Four years ago today was senior prom. This weekend is christina's party and my party. I've been doing a lot of work around the house to get ready for it. Not enough, but a good bit. Right now I'm taking a long break to think about somethings that I havent really wanted to think about. I don't usually think of myself as being anymore selfish than the next person, but lately I've been screwing up. I dyed my hair brown. I like the way it looks. It's like coming home after an awesome vacation. It takes some getting used to, and then it feels like you've never left. My ears are peirced again, after 8 years. Oh and as of this morning I only had .57 cents to my name. I have to find those checks today.

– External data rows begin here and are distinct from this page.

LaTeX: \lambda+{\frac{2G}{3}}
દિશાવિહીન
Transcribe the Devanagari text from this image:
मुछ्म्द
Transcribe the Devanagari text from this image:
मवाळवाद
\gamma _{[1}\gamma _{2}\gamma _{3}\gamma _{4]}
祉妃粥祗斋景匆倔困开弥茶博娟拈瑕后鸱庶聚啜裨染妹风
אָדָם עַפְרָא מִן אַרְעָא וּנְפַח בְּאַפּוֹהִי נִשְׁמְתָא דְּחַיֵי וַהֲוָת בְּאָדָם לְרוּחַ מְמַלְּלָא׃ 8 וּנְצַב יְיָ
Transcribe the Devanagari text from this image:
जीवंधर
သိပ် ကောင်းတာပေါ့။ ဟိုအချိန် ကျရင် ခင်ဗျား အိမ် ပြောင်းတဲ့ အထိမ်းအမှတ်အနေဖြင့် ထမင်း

I talked to joe yesterday. It didn't go very well. We were lucky to have known one another. But I have a feeling that I won't see him again for a while. I've been a jerk to him I think. When we talk I enjoy discussing the classics and all the books that he's finally got around to reading that I really loved. But I don't think it's fair to talk to him about those things, to enjoy those conversations so much especially if after we hang out he has bad feelings about it. I don't really want to say goodbye I guess. It would have been 4.5 years today. Our relationship has changed a lot since 6 months ago. We've said goodbye many times. I've made a lot of mistakes handling this, but aside from christina's help I've felt largely on my own. My friends disappeared because, as I am led to believe, they felt like I didn't need them. I'd like to figure out why they did this to me, whether I myself led them to this conclusion through my frequent attempts at optimism or what. Maybe I was trying too hard to be strong on my own, that they were offended. Maybe they just don't know me as well as I thought they did.

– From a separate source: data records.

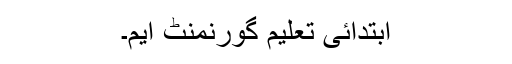
ابتدائی تعلیم گورنمنٹ ایم۔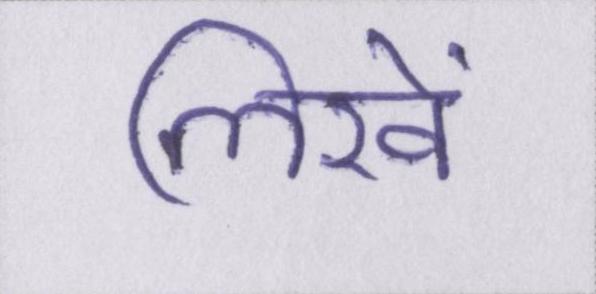
लिखें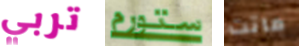
تربي ستورم ماتت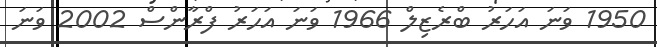
1950 ވަނަ އަހަރު ބްރެޒިލް 1966 ވަނަ އަހަރު ފްރާންސް 2002 ވަަނަ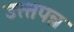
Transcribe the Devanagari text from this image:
उत्त्तपन्न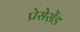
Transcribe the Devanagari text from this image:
प्रेसेसेंड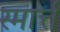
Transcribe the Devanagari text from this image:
स्मार्त्त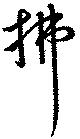
拂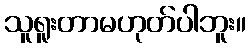
သူရူးတာမဟုတ်ပါဘူး။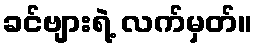
ခင်ဗျားရဲ့ လက်မှတ်။

I talked to ali about this last night. She didn't have much to say. Sean and I have talked about it on the phone for a little bit, but I don't know when I'll be able to see him. He doesn't have the time. He has time for joe. Its just very sad to me. I don't know about suzanne. We talked a couple months back online, updated each other on what big plans we were making. I told her how special I think our relationship is, that we can go months with being busy and then get together and everything falls back into place. Like sisters. But I guess I'm just wondering where she's been. Why she can be there for joe, and not me. Maybe I havent made enough of an effort to ask for her help, but I've been doing the best I can.

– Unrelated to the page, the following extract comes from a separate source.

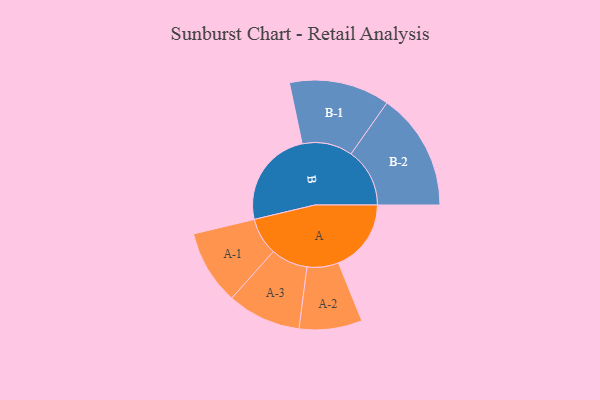
{"axis": {"x": "Segment", "y": "Value"}, "legend": ["", "A", "B"], "data": [{"x": "A", "y": 363, "type": ""}, {"x": "B", "y": 489, "type": ""}, {"x": "A-1", "y": 186, "type": "A"}, {"x": "A-2", "y": 157, "type": "A"}, {"x": "A-3", "y": 184, "type": "A"}, {"x": "B-1", "y": 251, "type": "B"}, {"x": "B-2", "y": 293, "type": "B"}]}

I have been happy lately. I have found good people to surround myself with, people who like me and care about me. I've found a guy who makes time for me, breaks laws for me, and sits through 5 hour graduations for me. He even told me he was proud of me at graduation. It made me feel really good. In short, I like him. And I've made a good good friend in maggie. She and I have so much in common, like suzanne and I. Even though we have different interests, at our core we react the same way and have very similar needs from the world. She's been very good company to me, encouraging me to be happy and appreciative of the hard semester I've had. She and Christina get along great, it's pretty funny. Christina has been wonderful to me always, she is just a beautiful warm person. I miss having her so close, I really have come to associate feelings of home with her. I don't think we ever had a fight, though I'm sure I've annoyed her and pushed the bounds of what a roomate should have to put up with. She just has the nature of someone who cherishes her friends, and I've been very fortunate to be so well cherished. I can only hope that I've been the kind of friend to her that she has been to me. Though that would be hard to imagine.

So this has been a pretty long entry. I just had so many things on my mind. A life to look in the face and make sense of, the sadness of absent friends, the joy and fortune of finding good friends nearby, the sweet possibilities of a tender friendship, and the word goodbye and all that it means. I just have a lot on my mind.

Leaving for Italy june 6th. Don't be a stranger.